══ Extracted records

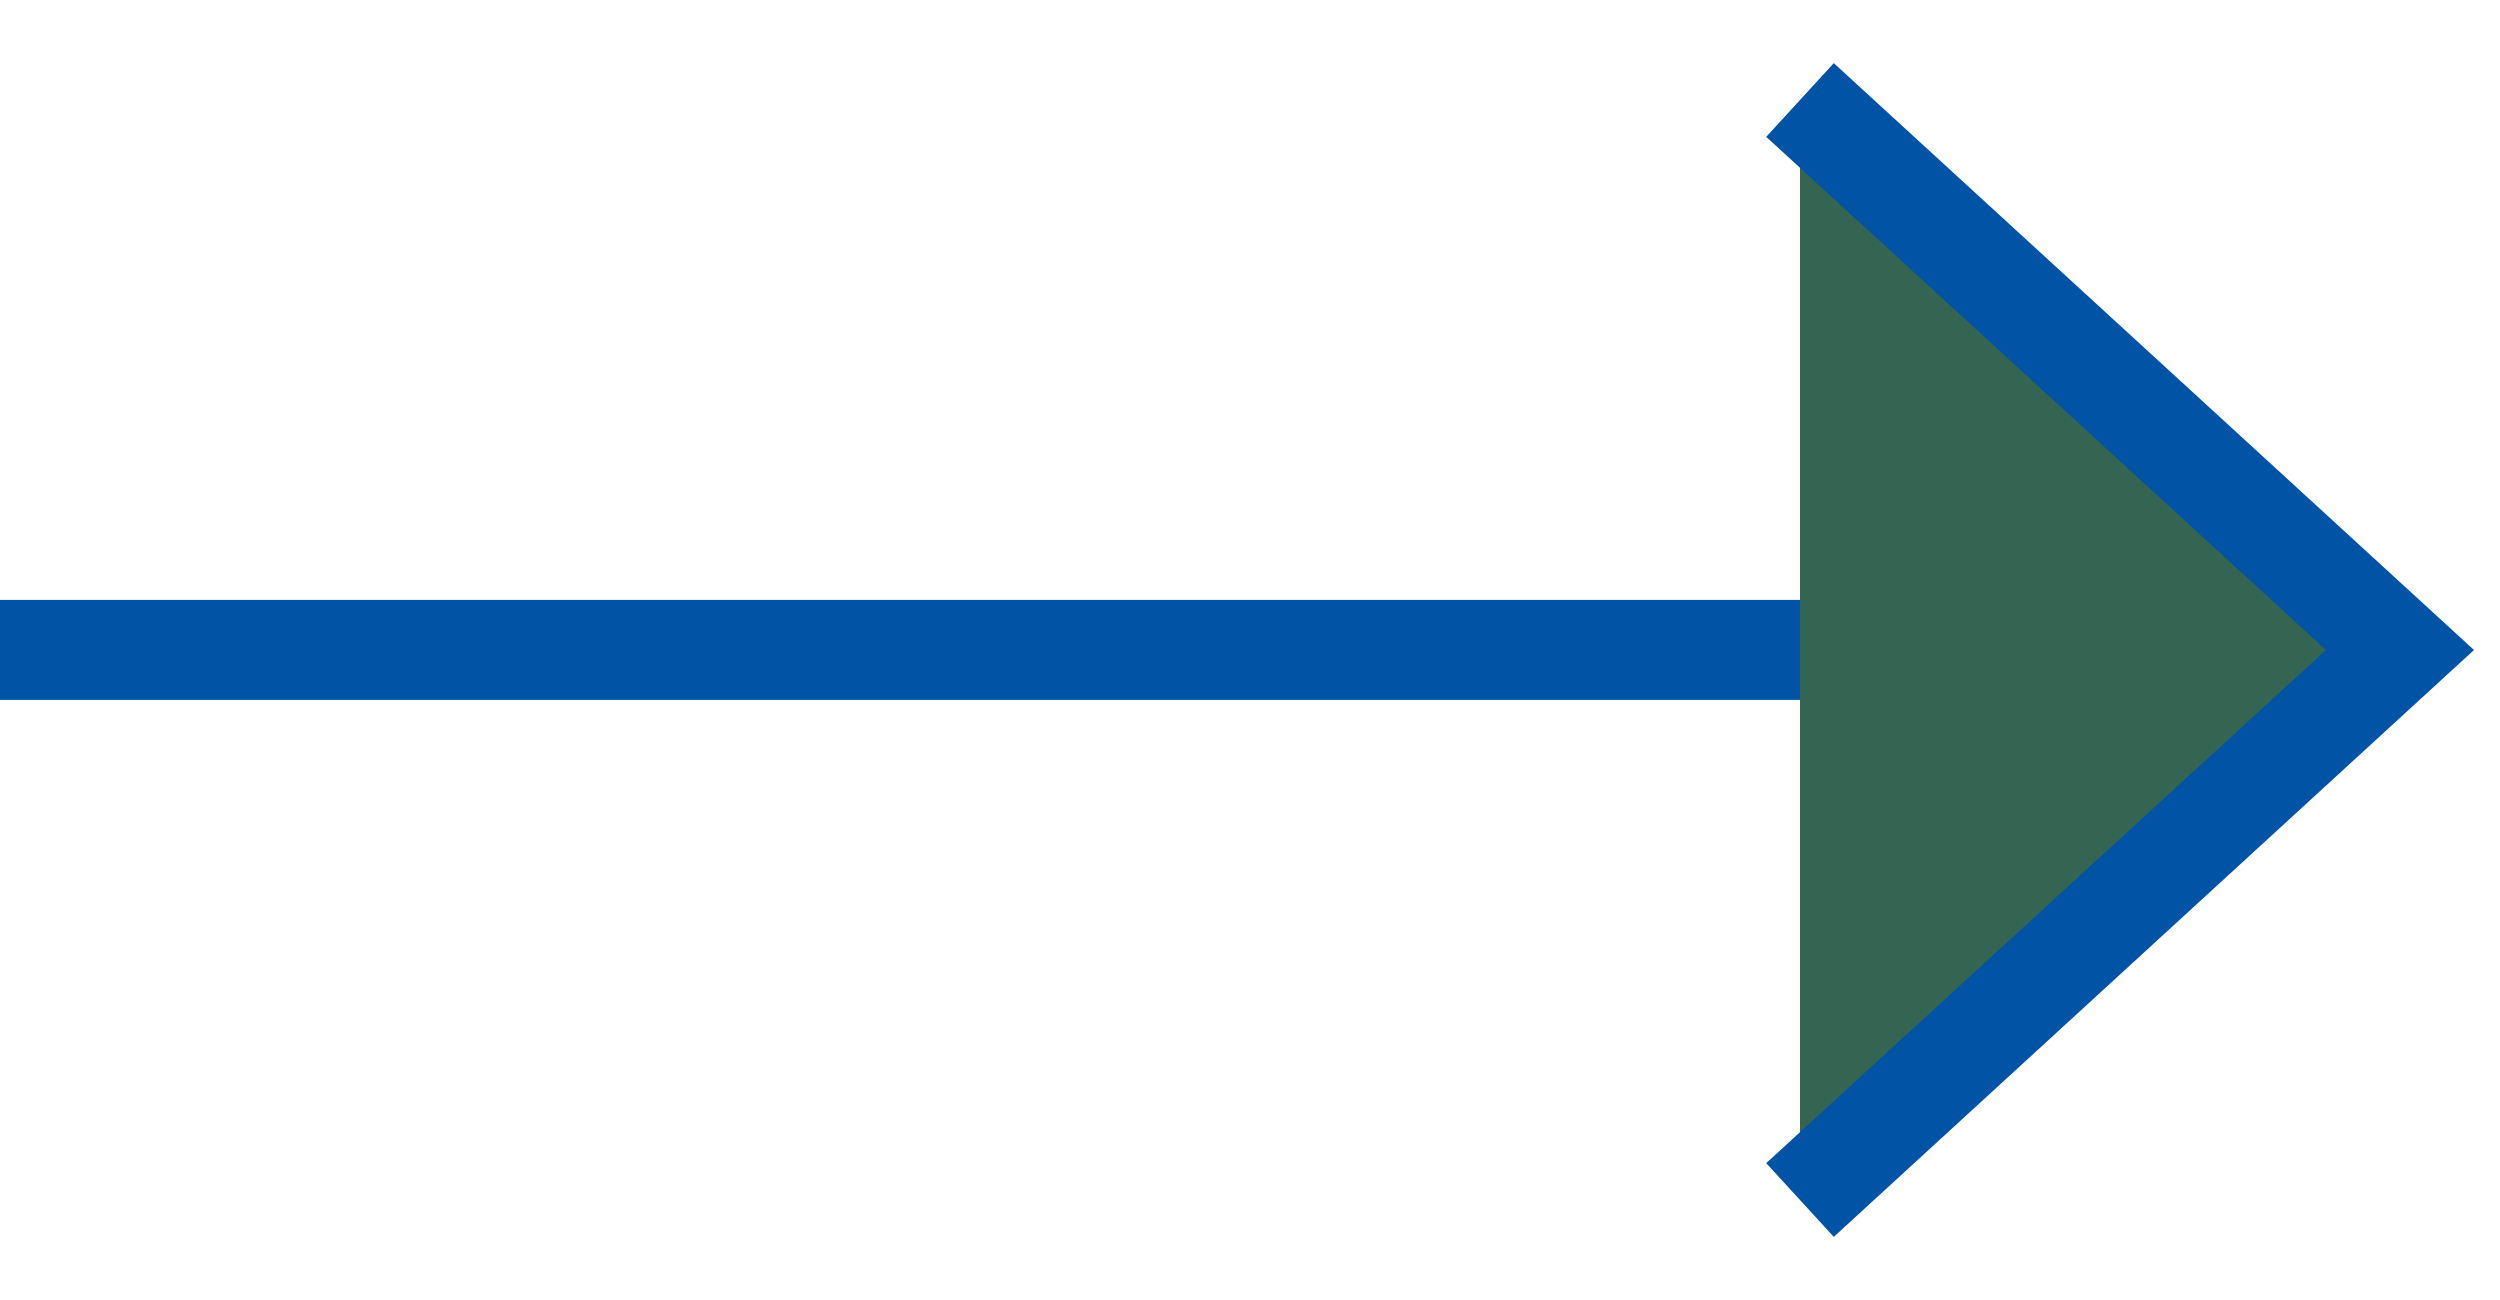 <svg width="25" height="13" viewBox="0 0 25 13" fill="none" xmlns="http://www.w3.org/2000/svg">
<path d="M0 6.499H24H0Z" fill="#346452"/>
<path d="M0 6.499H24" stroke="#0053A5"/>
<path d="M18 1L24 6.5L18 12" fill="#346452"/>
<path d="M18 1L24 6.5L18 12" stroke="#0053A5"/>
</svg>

════

[Activity] Show me each line of the listing above with "path" in it.

[Answer for this exercise]
<path d="M0 6.499H24H0Z" fill="#346452"/>
<path d="M0 6.499H24" stroke="#0053A5"/>
<path d="M18 1L24 6.5L18 12" fill="#346452"/>
<path d="M18 1L24 6.5L18 12" stroke="#0053A5"/>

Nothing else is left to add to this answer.